POWIETKIN: CHCĘ WALK Z NAJLEPSZYMI, A NAJLEPSZY JEST JOSHUA

Aleksander Powietkin (32-1, 23 KO) pozostaje w obiegu jako potencjalny rywal Anthony'ego Joshuy (20-0, 20 KO). Rosjanin nie ukrywa, że chętnie podejmie wyzwanie, jeśli dane mu będzie wyjść naprzeciw mistrza WBA i IBF wagi ciężkiej.

"Sasza" w przeszłości piastował pas WBA Regular. Dokładnie za tydzień w Jekaterynburgu spotka się z Christianem Hammerem (22-4, 12 KO) i jeśli zwycięży, być może stanie naprzeciw AJ-a w przyszłym roku.

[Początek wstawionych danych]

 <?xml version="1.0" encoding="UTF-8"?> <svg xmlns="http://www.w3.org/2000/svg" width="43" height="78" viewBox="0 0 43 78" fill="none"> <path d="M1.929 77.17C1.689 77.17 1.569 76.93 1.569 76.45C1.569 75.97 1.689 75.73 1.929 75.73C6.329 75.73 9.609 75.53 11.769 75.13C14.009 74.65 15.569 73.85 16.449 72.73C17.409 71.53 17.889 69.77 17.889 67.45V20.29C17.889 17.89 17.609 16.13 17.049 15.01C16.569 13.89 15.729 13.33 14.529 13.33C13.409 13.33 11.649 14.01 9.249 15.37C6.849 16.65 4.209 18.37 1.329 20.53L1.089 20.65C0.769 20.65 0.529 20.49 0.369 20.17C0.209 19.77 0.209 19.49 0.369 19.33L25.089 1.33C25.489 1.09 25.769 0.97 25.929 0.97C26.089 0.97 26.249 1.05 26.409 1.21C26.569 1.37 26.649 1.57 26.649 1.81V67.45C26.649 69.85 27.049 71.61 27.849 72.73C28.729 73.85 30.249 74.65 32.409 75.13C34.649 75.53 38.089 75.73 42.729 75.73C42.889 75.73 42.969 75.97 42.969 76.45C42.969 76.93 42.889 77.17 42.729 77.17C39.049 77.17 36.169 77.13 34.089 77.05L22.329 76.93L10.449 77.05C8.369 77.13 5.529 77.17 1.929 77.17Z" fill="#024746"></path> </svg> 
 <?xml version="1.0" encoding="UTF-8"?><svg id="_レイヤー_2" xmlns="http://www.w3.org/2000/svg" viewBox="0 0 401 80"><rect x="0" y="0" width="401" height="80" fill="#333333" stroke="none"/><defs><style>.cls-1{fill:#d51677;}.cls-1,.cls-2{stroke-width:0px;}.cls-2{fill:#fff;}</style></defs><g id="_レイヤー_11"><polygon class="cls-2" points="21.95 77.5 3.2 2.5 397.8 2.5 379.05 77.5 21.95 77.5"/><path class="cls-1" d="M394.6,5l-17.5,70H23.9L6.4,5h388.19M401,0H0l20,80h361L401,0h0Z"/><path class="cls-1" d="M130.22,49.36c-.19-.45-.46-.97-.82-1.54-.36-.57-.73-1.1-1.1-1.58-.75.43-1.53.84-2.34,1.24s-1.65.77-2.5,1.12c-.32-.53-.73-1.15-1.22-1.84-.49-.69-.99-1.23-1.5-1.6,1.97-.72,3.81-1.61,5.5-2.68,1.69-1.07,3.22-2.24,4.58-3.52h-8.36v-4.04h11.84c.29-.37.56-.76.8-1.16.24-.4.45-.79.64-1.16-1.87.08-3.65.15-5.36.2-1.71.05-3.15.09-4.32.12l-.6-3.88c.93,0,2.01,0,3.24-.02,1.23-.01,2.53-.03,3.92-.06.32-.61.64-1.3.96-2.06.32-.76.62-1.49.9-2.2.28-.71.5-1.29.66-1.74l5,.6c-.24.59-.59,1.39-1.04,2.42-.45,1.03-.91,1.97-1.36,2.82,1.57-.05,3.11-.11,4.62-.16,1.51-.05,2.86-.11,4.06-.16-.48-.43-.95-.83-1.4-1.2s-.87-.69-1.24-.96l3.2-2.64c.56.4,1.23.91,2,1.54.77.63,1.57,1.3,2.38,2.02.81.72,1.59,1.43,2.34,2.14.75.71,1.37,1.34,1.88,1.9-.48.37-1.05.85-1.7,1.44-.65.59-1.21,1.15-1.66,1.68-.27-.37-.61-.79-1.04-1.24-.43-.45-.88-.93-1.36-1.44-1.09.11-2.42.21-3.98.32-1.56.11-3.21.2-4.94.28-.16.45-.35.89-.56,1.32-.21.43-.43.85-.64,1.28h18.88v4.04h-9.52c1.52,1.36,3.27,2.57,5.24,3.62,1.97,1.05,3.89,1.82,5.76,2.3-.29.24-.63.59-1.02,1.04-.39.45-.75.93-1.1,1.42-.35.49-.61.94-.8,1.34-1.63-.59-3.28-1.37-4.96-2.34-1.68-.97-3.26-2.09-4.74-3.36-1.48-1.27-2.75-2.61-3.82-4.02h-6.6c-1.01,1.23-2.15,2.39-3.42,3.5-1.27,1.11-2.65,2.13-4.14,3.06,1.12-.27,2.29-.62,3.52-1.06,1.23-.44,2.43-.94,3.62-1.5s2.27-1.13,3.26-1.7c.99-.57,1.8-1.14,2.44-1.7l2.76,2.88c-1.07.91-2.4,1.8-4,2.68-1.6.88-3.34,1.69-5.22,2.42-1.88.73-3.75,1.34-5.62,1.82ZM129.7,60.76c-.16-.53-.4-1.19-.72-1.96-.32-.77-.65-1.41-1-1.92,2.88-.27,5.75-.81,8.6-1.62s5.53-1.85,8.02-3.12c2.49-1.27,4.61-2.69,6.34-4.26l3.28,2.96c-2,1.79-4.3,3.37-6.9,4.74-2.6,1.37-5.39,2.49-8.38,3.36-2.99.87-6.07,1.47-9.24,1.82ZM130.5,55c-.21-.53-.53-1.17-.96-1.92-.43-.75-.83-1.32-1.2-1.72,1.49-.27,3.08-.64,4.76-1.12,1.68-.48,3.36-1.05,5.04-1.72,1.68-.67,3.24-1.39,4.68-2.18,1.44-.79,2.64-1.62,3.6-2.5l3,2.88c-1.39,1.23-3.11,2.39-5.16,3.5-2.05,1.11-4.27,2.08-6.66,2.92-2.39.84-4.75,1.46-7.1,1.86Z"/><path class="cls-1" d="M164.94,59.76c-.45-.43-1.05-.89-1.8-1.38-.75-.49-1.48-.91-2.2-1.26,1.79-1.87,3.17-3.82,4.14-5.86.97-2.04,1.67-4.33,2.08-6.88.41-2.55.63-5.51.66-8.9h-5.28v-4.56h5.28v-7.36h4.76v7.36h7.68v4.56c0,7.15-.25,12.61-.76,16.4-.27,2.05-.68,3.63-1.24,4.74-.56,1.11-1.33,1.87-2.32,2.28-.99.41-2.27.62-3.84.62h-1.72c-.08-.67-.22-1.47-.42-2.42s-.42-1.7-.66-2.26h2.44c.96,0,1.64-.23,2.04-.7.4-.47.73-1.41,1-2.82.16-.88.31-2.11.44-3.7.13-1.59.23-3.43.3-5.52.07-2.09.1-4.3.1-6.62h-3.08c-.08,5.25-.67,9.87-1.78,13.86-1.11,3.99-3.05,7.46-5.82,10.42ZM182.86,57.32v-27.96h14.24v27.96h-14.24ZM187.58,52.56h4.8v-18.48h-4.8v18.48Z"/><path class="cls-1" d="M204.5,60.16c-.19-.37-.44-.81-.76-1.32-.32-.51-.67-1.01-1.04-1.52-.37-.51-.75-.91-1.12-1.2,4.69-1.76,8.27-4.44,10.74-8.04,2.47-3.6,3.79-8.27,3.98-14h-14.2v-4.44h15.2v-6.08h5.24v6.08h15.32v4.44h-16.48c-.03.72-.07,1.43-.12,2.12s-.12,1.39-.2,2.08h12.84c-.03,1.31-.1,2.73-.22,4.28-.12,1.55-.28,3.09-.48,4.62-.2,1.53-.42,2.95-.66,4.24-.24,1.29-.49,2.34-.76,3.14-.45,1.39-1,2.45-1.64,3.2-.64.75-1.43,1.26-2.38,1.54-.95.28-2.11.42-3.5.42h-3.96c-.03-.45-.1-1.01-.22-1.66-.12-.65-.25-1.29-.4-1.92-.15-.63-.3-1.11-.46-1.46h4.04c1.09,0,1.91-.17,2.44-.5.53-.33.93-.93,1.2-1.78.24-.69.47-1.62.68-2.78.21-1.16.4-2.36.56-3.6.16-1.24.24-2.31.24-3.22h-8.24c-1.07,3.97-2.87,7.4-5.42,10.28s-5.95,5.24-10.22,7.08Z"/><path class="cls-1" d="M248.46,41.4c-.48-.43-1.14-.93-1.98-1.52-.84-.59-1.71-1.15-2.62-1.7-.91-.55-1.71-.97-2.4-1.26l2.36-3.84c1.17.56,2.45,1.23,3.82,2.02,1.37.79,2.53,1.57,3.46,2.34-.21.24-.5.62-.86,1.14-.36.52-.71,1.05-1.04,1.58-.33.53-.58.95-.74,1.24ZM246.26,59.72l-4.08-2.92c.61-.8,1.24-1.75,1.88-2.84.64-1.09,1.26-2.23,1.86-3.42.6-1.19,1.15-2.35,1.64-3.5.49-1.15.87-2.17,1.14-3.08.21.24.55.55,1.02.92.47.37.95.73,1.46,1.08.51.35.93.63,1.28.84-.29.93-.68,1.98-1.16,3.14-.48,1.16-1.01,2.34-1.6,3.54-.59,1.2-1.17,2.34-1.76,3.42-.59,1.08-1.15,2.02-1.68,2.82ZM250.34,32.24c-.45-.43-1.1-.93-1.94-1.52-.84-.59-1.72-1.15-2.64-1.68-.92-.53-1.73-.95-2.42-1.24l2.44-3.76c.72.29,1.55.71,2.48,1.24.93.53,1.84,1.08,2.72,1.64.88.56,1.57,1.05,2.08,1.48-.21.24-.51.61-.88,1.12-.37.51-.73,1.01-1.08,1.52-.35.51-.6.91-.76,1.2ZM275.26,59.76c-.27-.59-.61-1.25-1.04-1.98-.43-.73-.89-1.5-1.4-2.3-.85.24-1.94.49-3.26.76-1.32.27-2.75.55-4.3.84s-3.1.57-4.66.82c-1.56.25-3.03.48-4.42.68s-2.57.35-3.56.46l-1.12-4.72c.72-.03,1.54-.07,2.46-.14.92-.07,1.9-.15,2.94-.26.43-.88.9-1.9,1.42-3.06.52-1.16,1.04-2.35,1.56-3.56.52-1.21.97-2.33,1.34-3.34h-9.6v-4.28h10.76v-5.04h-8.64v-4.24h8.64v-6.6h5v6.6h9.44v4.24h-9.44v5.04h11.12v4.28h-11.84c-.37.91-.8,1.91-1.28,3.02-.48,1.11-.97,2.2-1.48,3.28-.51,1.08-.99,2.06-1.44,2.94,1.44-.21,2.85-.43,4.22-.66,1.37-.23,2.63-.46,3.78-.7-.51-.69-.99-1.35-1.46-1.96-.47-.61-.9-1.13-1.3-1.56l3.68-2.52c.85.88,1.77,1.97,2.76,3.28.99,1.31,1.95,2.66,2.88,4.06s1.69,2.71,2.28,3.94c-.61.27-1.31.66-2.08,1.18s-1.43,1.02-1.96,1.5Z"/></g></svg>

- Mam nadzieję, że po tym zwycięstwie doczekam się w końcu walki o mistrzostwo świata - mówi mistrz olimpijski z Aten sprzed trzynastu lat.

- Chcę mierzyć się z najlepszymi, a za najlepszego uważa się teraz Joshuę. Bez względu na to, z kim się mierzę, zawsze wychodzę do ringu pewny siebie i z myślą o wygranej. Tak więc chętnie skrzyżuję rękawice z Joshuą, choć póki co koncentruję się na walce z Hammerem - mówi Powietkin, który mógłby również zaatakować tron WBO, na na jakim zasiada Joseph Parker (24-0, 18 KO).

Wcześniej Eddie Hearn, promotor angielskiego króla nokautu, potwierdził, iż były już prowadzone wstępne rozmowy w sprawie ewentualnej walki Joshua vs Powietkin.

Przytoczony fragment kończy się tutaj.